### Instructions to follow
From the listing below, extract every line containing "fill".

### Recorded data
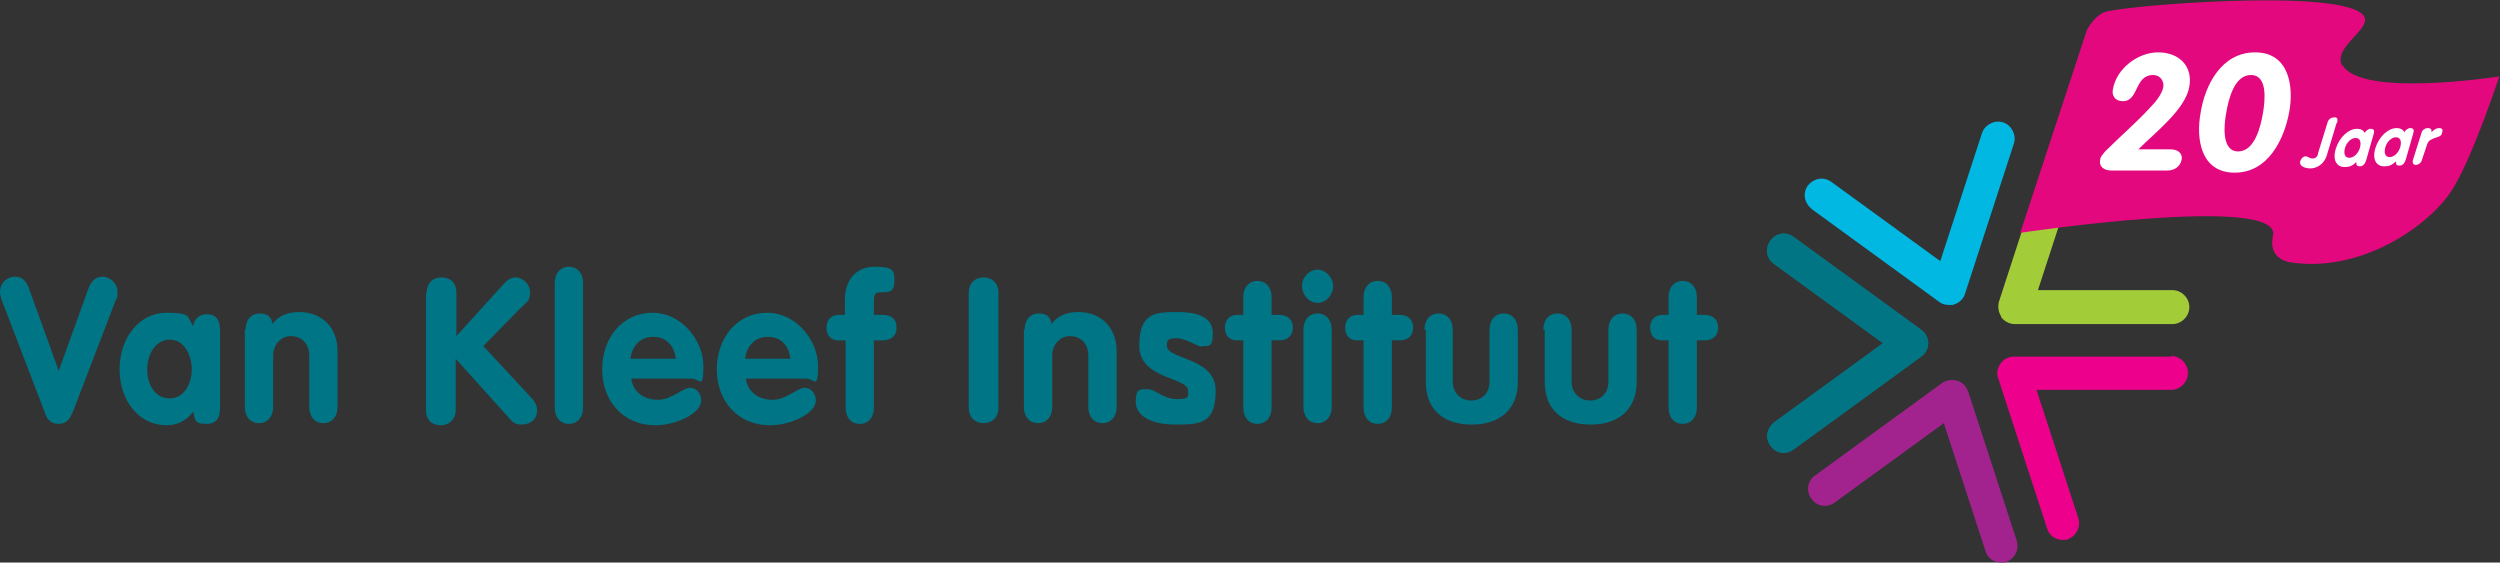 <?xml version="1.0" encoding="UTF-8"?>
<svg id="Laag_1" xmlns="http://www.w3.org/2000/svg" version="1.1" viewBox="0 0 353.3 79.5">
  <rect x="0" y="0" width="353.3" height="79.5" fill="#333333" stroke="none"/>
  <!-- Generator: Adobe Illustrator 29.3.0, SVG Export Plug-In . SVG Version: 2.1.0 Build 146)  -->
  <defs>
    <style>
      .st0 {
        fill: #007585;
      }

      .st1 {
        fill: #017584;
      }

      .st2 {
        fill: #a3cc39;
      }

      .st3 {
        fill: #ec008c;
      }

      .st4 {
        fill: #a3238e;
      }

      .st5 {
        fill: #fff;
      }

      .st6 {
        fill: #00b8e2;
      }

      .st7 {
        fill: #e3087e;
      }
    </style>
  </defs>
  <g>
    <g>
      <path class="st1" d="M252.1,64c-.7,0-1.4-.3-1.9-1-.8-1.1-.5-2.5.5-3.3l15.4-11.2-15.4-11.2c-1.1-.8-1.3-2.2-.5-3.3.8-1.1,2.2-1.3,3.3-.5l18,13.1c.6.4,1,1.2,1,1.9s-.4,1.5-1,1.9l-18,13.1c-.4.3-.9.5-1.4.5"/>
      <path class="st1" d="M252.1,64c-.7,0-1.4-.3-1.9-1-.8-1.1-.5-2.5.5-3.3l15.4-11.2-15.4-11.2c-1.1-.8-1.3-2.2-.5-3.3.8-1.1,2.2-1.3,3.3-.5l18,13.1c.6.4,1,1.2,1,1.9s-.4,1.5-1,1.9l-18,13.1c-.4.3-.9.5-1.4.5"/>
      <path class="st4" d="M278.1,55.3c-.2-.7-.8-1.3-1.5-1.5-.7-.2-1.5-.1-2.1.3l-18,13.1c-1.1.8-1.3,2.2-.5,3.3.8,1.1,2.2,1.3,3.3.5l15.4-11.2,5.9,18.1c.3,1,1.2,1.6,2.2,1.6s.5,0,.7-.1c1.2-.4,1.9-1.7,1.5-3l-6.9-21.2Z"/>
      <path class="st3" d="M306.9,50.4h-22.3c-.8,0-1.5.4-1.9,1-.4.6-.6,1.4-.3,2.1l6.9,21.2c.3,1,1.2,1.6,2.2,1.6s.5,0,.7-.1c1.2-.4,1.9-1.7,1.5-3l-5.9-18.1h19c1.3,0,2.4-1.1,2.4-2.4,0-1.3-1.1-2.4-2.4-2.4Z"/>
      <path class="st2" d="M282.8,44.8c.4.6,1.2,1,1.9,1h22.3s0,0,0,0c1.3,0,2.4-1.1,2.4-2.4s-1.1-2.4-2.4-2.4h-19s5.9-18.1,5.9-18.1c.4-1.2-.3-2.6-1.5-3-1.2-.4-2.6.3-3,1.5l-6.9,21.2c-.2.7-.1,1.5.3,2.1Z"/>
      <path class="st6" d="M256.1,29.6l18,13.1c.4.3.9.4,1.4.4s.5,0,.7-.1c.7-.2,1.3-.8,1.5-1.5l6.9-21.2c.4-1.2-.3-2.6-1.5-3-1.2-.4-2.6.3-3,1.5l-5.9,18.1-15.4-11.2c-1.1-.8-2.5-.5-3.3.5-.8,1.1-.5,2.5.5,3.3Z"/>
    </g>
    <path class="st7" d="M331,9.3c-1.2-2.3,2.7-4.4,3.2-6.2,1.2-5-31.3-2.6-36.4-1.5-1.8.4-2.9,2.7-2.9,2.7l-9.4,28.6s37.4-5.6,35.7.5c-.7,3.5,2.7,3.7,2.7,3.7,10.4,1.5,20.3-5.9,23-10.9,2.7-4.5,6.3-15.4,6.3-15.4,0,0-19.8,3.1-22.2-1.7"/>
    <path class="st5" d="M341,22.5c-.1.5,0,.8.4.8.4,0,.8-.3.9-.8l.7-2.1c.2-.6.6-.7,1.1-.9.5-.2.9-.2,1-.7.2-.5,0-.7-.4-.7-.4,0-.7.2-1.1.6h0c.1-.4-.1-.6-.5-.6-.3,0-.8.2-.9.7l-1.2,3.8ZM337.1,20.8c.2-.7.8-1.4,1.5-1.4.7,0,.8.7.6,1.4-.2.7-.8,1.4-1.5,1.4-.7,0-.8-.7-.6-1.4M341,19c.1-.4.3-.9-.4-.9-.3,0-.7.3-.8.6-.2-.4-.6-.6-1.1-.6-1.2,0-2.5,1.2-3,2.8-.5,1.6.1,2.7,1.4,2.6.5,0,1-.2,1.5-.7,0,.4,0,.6.5.6.6,0,.8-.6.9-.9l1-3.5ZM331.4,20.9c.2-.7.8-1.4,1.5-1.4.7,0,.8.7.6,1.4-.2.7-.8,1.4-1.5,1.4-.7,0-.8-.7-.6-1.4M335.4,19.1c.1-.4.3-.9-.4-.9-.3,0-.7.3-.8.6-.2-.4-.6-.6-1.1-.6-1.2,0-2.5,1.2-3,2.8-.5,1.6.1,2.7,1.4,2.6.5,0,1-.2,1.5-.7,0,.4,0,.6.5.6.6,0,.8-.6.9-.9l1-3.5ZM330.3,17.3c.1-.5,0-.8-.5-.7-.4,0-.8.3-.9.8l-1.3,4.2c0,.3-.2.8-.8.8-.4,0-.6-.3-1-.3-.3,0-.6.3-.7.6-.3.8.7,1.1,1.4,1.1.8,0,2-.5,2.4-2.1l1.3-4.3Z"/>
    <g>
      <path class="st5" d="M306.7,21.1c1,0,1.8.5,1.6,1.5s-1.1,1.5-2,1.5h-7.9c-1,0-1.8-.5-1.6-1.5,0-.5.5-.9.7-1.2,2.3-2.3,4.8-4.4,7-6.9.5-.6,1-1.3,1.2-2.1.2-.9-.4-1.8-1.4-1.8-2.7,0-2,3.7-4.3,3.7-1.1,0-1.6-.8-1.4-1.7.5-2.9,3.5-5.2,6.4-5.2s4.9,1.9,4.4,4.8c-.5,3.2-4.7,6.4-7.2,8.9h4.3Z"/>
      <path class="st5" d="M311,15.9c.6-3.8,2.9-8.5,7.7-8.5,4.8,0,5.5,4.8,4.8,8.5s-2.9,8.5-7.7,8.5c-4.8,0-5.5-4.8-4.8-8.5ZM319.8,16c.3-1.8.7-5.4-1.7-5.4-2.4,0-3.2,3.6-3.5,5.4-.3,1.6-.7,5.4,1.7,5.4,2.4,0,3.2-3.7,3.5-5.4Z"/>
    </g>
  </g>
  <path class="st0" d="M.2,42.3c-.1-.4-.2-.7-.2-1.1,0-1.2,1-2.1,2.1-2.1s1.5.6,1.9,1.4l4.3,11.9,4.3-11.9c.4-.8.9-1.4,1.9-1.4s2.1.9,2.1,2.1,0,.7-.2,1.1l-6.1,15.9c-.4.9-.8,1.7-2,1.7s-1.7-.7-2-1.7L.2,42.3Z"/>
  <path class="st0" d="M31.1,57.2c0,1.1,0,2.7-1.9,2.7s-1.6-.7-1.9-1.7c-1,1.3-2.3,1.9-3.8,1.9-3.7,0-6.6-3.3-6.6-7.9s2.9-8,6.6-8,2.9.6,3.8,1.9c.1-1,.9-1.7,1.9-1.7,1.9,0,1.9,1.6,1.9,2.7v10.1ZM24,56.3c2.1,0,3.1-2.2,3.1-4.1s-1-4.2-3.1-4.2-3.2,2.2-3.2,4.2,1,4.1,3.2,4.1Z"/>
  <path class="st0" d="M34.7,46.6c0-1.4.8-2.3,2-2.3s1.7.6,1.8,1.5c.8-1.1,2-1.7,3.8-1.7,3.1,0,5.4,2.1,5.4,5.5v7.9c0,1.4-.8,2.3-2,2.3s-2-.9-2-2.3v-7.2c0-1.9-1.2-2.8-2.6-2.8s-2.5,1.2-2.5,2.8v7.2c0,1.4-.8,2.3-2,2.3s-2-.9-2-2.3v-10.9Z"/>
  <path class="st0" d="M60.3,41.3c0-1.2.8-2.1,2.1-2.1s2.1.8,2.1,2.1v6.2l6.8-7.5c.3-.3.8-.8,1.6-.8s2,.8,2,2.1-.4,1.3-1.4,2.3l-5.2,5.3,6.4,6.9c.7.7,1.2,1.3,1.2,2.2,0,1.3-1,2-2.2,2s-1.3-.5-2.1-1.3l-7.2-8v7.3c0,1.1-.8,2.1-2.1,2.1s-2.1-.8-2.1-2.1v-16.5Z"/>
  <path class="st0" d="M78.4,40c0-1.4.8-2.3,2-2.3s2,.9,2,2.3v17.6c0,1.4-.8,2.3-2,2.3s-2-.9-2-2.3v-17.6Z"/>
  <path class="st0" d="M89.2,53.5c.3,2,1.9,3,3.8,3s3.5-1.7,4.5-1.7,1.6.9,1.6,1.8c0,1.8-3.5,3.5-6.5,3.5-4.5,0-7.5-3.4-7.5-7.9s2.9-8,7.1-8,7.2,4,7.2,7.5-.5,1.8-1.7,1.8h-8.5ZM95.5,50.7c-.2-1.8-1.3-3.1-3.2-3.1s-3,1.4-3.2,3.1h6.3Z"/>
  <path class="st0" d="M105.4,53.5c.3,2,1.9,3,3.8,3s3.5-1.7,4.5-1.7,1.6.9,1.6,1.8c0,1.8-3.5,3.5-6.5,3.5-4.5,0-7.5-3.4-7.5-7.9s2.9-8,7.1-8,7.2,4,7.2,7.5-.5,1.8-1.7,1.8h-8.5ZM111.7,50.7c-.2-1.8-1.3-3.1-3.2-3.1s-3,1.4-3.2,3.1h6.3Z"/>
  <path class="st0" d="M119.4,48.1h-.9c-1.1,0-1.7-.7-1.7-1.8s.7-1.8,1.7-1.8h.9v-2.1c0-3,1.7-4.7,4.2-4.7s2.8.4,2.8,1.9-.5,1.7-1.6,1.7-1.3,0-1.3,1.5v1.7h1.2c1.2,0,2,.5,2,1.8s-.9,1.8-2,1.8h-1.2v9.5c0,1.4-.8,2.3-2,2.3s-2-.9-2-2.3v-9.5Z"/>
  <path class="st0" d="M136.9,41.4c0-1.4.9-2.2,2.1-2.2s2.1.8,2.1,2.2v16.2c0,1.4-.9,2.2-2.1,2.2s-2.1-.8-2.1-2.2v-16.2Z"/>
  <path class="st0" d="M144.8,46.6c0-1.4.8-2.3,2-2.3s1.7.6,1.8,1.5c.8-1.1,2-1.7,3.8-1.7,3.1,0,5.4,2.1,5.4,5.5v7.9c0,1.4-.8,2.3-2,2.3s-2-.9-2-2.3v-7.2c0-1.9-1.2-2.8-2.6-2.8s-2.5,1.2-2.5,2.8v7.2c0,1.4-.8,2.3-2,2.3s-2-.9-2-2.3v-10.9Z"/>
  <path class="st0" d="M169.9,49c-.7,0-2.3-1.2-3.6-1.2s-1.4.3-1.4,1.1c0,1.9,6.9,1.6,6.9,6.3s-2.2,4.8-5.7,4.8-5.6-1.3-5.6-3.2.6-1.8,1.7-1.8,2.2,1.4,4.1,1.4,1.6-.4,1.6-1.2c0-1.9-6.9-1.6-6.9-6.3s2.2-4.8,5.4-4.8,5,.9,5,3-.7,1.8-1.6,1.8Z"/>
  <path class="st0" d="M175.7,48.1h-.9c-1.1,0-1.7-.7-1.7-1.8s.7-1.8,1.7-1.8h.9v-2.5c0-1.4.8-2.3,2-2.3s2,.9,2,2.3v2.5h1.1c1,0,1.9.5,1.9,1.8s-.9,1.8-1.9,1.8h-1.1v9.5c0,1.4-.8,2.3-2,2.3s-2-.9-2-2.3v-9.5Z"/>
  <path class="st0" d="M188.4,40.4c0,1.3-1,2.4-2.2,2.4s-2.2-1.1-2.2-2.4,1.1-2.3,2.2-2.3,2.2,1.1,2.2,2.3ZM184.2,46.6c0-1.4.8-2.3,2-2.3s2,.9,2,2.3v10.9c0,1.4-.8,2.3-2,2.3s-2-.9-2-2.3v-10.9Z"/>
  <path class="st0" d="M192.7,48.1h-.9c-1.1,0-1.7-.7-1.7-1.8s.7-1.8,1.7-1.8h.9v-2.5c0-1.4.8-2.3,2-2.3s2,.9,2,2.3v2.5h1.1c1,0,1.9.5,1.9,1.8s-.9,1.8-1.9,1.8h-1.1v9.5c0,1.4-.8,2.3-2,2.3s-2-.9-2-2.3v-9.5Z"/>
  <path class="st0" d="M201.3,46.6c0-1.4.8-2.3,2-2.3s2,.9,2,2.3v7.3c0,1.7,1.2,2.7,2.6,2.7s2.6-.9,2.6-2.7v-7.3c0-1.4.8-2.3,2-2.3s2,.9,2,2.3v7.4c0,3.6-2.3,6-6.5,6s-6.5-2.3-6.5-6v-7.4Z"/>
  <path class="st0" d="M218.1,46.6c0-1.4.8-2.3,2-2.3s2,.9,2,2.3v7.3c0,1.7,1.2,2.7,2.6,2.7s2.6-.9,2.6-2.7v-7.3c0-1.4.8-2.3,2-2.3s2,.9,2,2.3v7.4c0,3.6-2.3,6-6.5,6s-6.5-2.3-6.5-6v-7.4Z"/>
  <path class="st0" d="M235.8,48.1h-.9c-1.1,0-1.7-.7-1.7-1.8s.7-1.8,1.7-1.8h.9v-2.5c0-1.4.8-2.3,2-2.3s2,.9,2,2.3v2.5h1.1c1,0,1.9.5,1.9,1.8s-.9,1.8-1.9,1.8h-1.1v9.5c0,1.4-.8,2.3-2,2.3s-2-.9-2-2.3v-9.5Z"/>
</svg>

### Answer for this exercise
  <rect x="0" y="0" width="353.3" height="79.5" fill="#333333" stroke="none"/>
        fill: #007585;
        fill: #017584;
        fill: #a3cc39;
        fill: #ec008c;
        fill: #a3238e;
        fill: #fff;
        fill: #00b8e2;
        fill: #e3087e;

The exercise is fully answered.